SOUTH MOUNTAIN, PHOENIX, Arizona - Anyone can run the steps of the Philadelphia Museum of Art and replicate the famous training run by Sly Stallone in the original Rocky. Dedicated fans to the world's greatest heavyweight boxer have to be much more committed to pay homage to another classic Rocky training montage - climbing a mountain to scream, "DRAGO!"
The South Mountain range in Phoenix provides such an opportunity, even without the KGB following you. It was 29 years ago this year when Rocky Balboa trained in the USSR to fight Ivan Drago.
I set out for the peak in this photograph - the one at about 11 o'clock; the top here is approximately 33,000 feet, give or take.
Like any great mountain climber - I was prepared with the hiker's checklist:
* T-shirt, basketball shorts, and running shoes - check.
* No water - check.
* No food - check.
* No real experience climbing rocks, or steep terrain - check.
* Don't tell anyone you are going to be there, just in case something goes wrong - check.
* Cell phone with 10 percent battery remaining - check.
* No identication cards - check.
* Begin your climb late in the afternoon, so you the sun will go down during your adventure - check.
* The ability to ignore signs that read, "Don't walk here" - check.
* No map - check.
* Ignorant ambition to simply climb a peak because it's there - check.

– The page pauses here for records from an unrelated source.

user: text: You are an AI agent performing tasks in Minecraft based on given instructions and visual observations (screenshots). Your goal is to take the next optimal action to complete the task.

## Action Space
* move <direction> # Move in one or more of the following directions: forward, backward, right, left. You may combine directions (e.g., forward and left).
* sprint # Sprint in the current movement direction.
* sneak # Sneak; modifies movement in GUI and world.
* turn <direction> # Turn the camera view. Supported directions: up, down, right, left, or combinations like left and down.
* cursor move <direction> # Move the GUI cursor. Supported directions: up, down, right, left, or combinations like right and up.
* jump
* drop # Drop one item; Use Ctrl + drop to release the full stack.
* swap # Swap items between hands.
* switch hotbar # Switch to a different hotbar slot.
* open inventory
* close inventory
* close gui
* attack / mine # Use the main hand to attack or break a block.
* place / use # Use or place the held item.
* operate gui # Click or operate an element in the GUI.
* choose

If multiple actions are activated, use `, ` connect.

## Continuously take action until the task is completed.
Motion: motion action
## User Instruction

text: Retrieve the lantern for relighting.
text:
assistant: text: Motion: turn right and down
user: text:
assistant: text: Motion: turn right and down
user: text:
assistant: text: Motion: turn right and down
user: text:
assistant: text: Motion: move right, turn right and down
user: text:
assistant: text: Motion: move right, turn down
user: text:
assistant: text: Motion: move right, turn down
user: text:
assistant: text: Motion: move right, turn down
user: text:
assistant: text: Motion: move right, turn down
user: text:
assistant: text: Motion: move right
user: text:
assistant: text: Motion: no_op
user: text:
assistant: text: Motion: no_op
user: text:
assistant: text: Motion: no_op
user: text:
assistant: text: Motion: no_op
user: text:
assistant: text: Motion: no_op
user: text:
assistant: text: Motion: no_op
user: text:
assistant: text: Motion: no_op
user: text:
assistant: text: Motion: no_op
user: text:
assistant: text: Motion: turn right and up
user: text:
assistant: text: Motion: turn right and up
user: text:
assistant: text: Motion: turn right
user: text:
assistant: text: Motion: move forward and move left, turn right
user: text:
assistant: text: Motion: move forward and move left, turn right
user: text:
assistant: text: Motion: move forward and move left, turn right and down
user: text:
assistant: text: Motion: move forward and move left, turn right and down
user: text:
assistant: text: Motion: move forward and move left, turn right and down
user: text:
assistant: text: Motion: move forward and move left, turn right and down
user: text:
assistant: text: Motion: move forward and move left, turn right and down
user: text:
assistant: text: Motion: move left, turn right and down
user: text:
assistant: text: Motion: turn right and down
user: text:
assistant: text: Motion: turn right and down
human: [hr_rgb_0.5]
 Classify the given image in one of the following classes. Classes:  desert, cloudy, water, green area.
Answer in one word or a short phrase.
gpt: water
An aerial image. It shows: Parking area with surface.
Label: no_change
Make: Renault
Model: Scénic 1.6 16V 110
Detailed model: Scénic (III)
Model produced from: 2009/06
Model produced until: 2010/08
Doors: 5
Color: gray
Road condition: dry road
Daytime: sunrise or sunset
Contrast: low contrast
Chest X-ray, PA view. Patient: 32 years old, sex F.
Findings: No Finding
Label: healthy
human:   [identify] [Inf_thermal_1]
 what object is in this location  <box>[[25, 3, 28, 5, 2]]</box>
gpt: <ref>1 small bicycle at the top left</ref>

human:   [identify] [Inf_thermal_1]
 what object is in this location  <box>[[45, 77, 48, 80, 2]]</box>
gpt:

All of the ingredients for an exciting episode of I Shouldn't Be Alive on the Animal Planet.
Two hours in, and lots o' huffing/puffing/cursing later and the journey was complete. A wonderful view, a nice breeze, a pretty sunset and total isolation; it's a good way to remind yourself just how small you are.
More importantly, I could do this:
After completing my stupid journey, a voice from waaaaaay down on the ground screamed back, "Hey buddy?! - Are you OK?!"
What is misleading about Rocky's run up the mountains in Russia is not the difficulty of his climb, but pain of the descent. It's a recipe for a sprained ankle, especially when you have no clue what you are doing.
All that's left is to drink raw eggs, take a ton of steroids, and undergo plastic surgery and my homage to Rocky will be complete.